• _Listed records_:
┌──
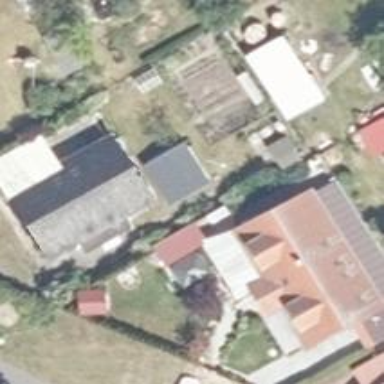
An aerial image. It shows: Gabled roof on residential building.
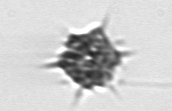
Label: Dictyocha
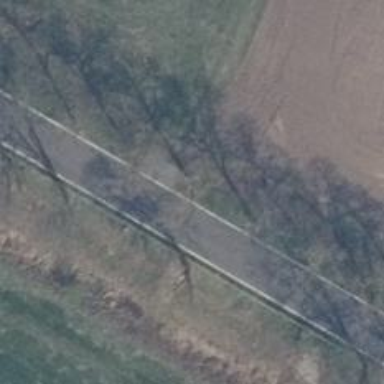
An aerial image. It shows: Avenue lined with broadleaved deciduous trees.
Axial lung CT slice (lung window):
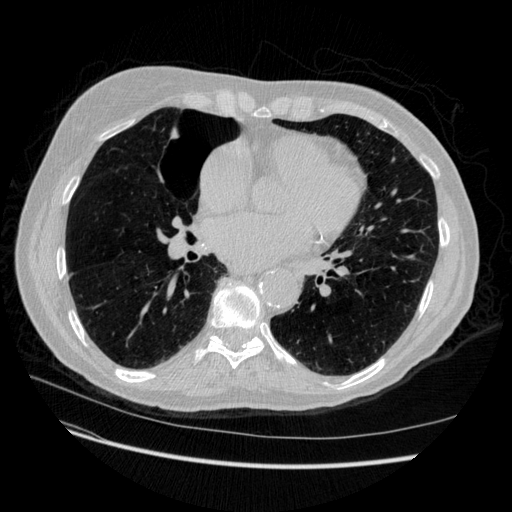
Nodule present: no
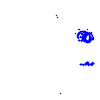
Particle: kaon
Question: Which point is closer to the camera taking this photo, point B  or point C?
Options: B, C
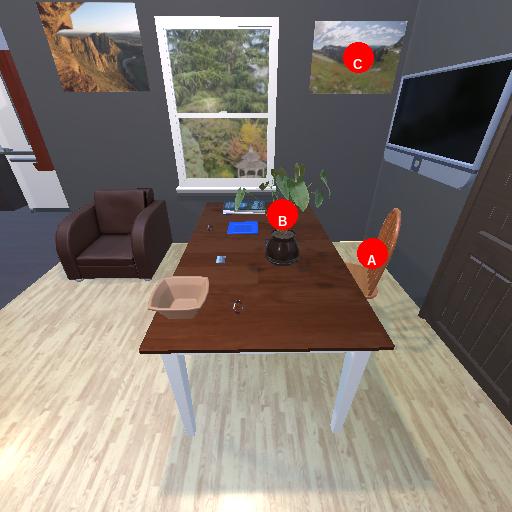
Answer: B
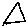
Label: triangle
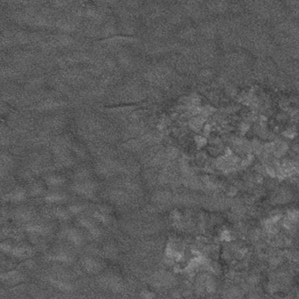
Label: frost
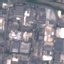
Land use / land cover class: Industrial
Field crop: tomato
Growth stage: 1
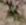
Species: solanum
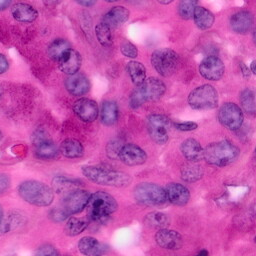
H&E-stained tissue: Pancreatic
└──
• _Directions for this task_:
The data above are to be repeated word for word, with any pictures left out.

• _Expected answer_:
An aerial image. It shows: Gabled roof on residential building.
Label: Dictyocha
An aerial image. It shows: Avenue lined with broadleaved deciduous trees.
Axial lung CT slice (lung window):
Nodule present: no
Particle: kaon
Question: Which point is closer to the camera taking this photo, point B  or point C?
Options: B, C
Answer: B
Label: triangle
Label: frost
Land use / land cover class: Industrial
Field crop: tomato
Growth stage: 1
Species: solanum
H&E-stained tissue: Pancreatic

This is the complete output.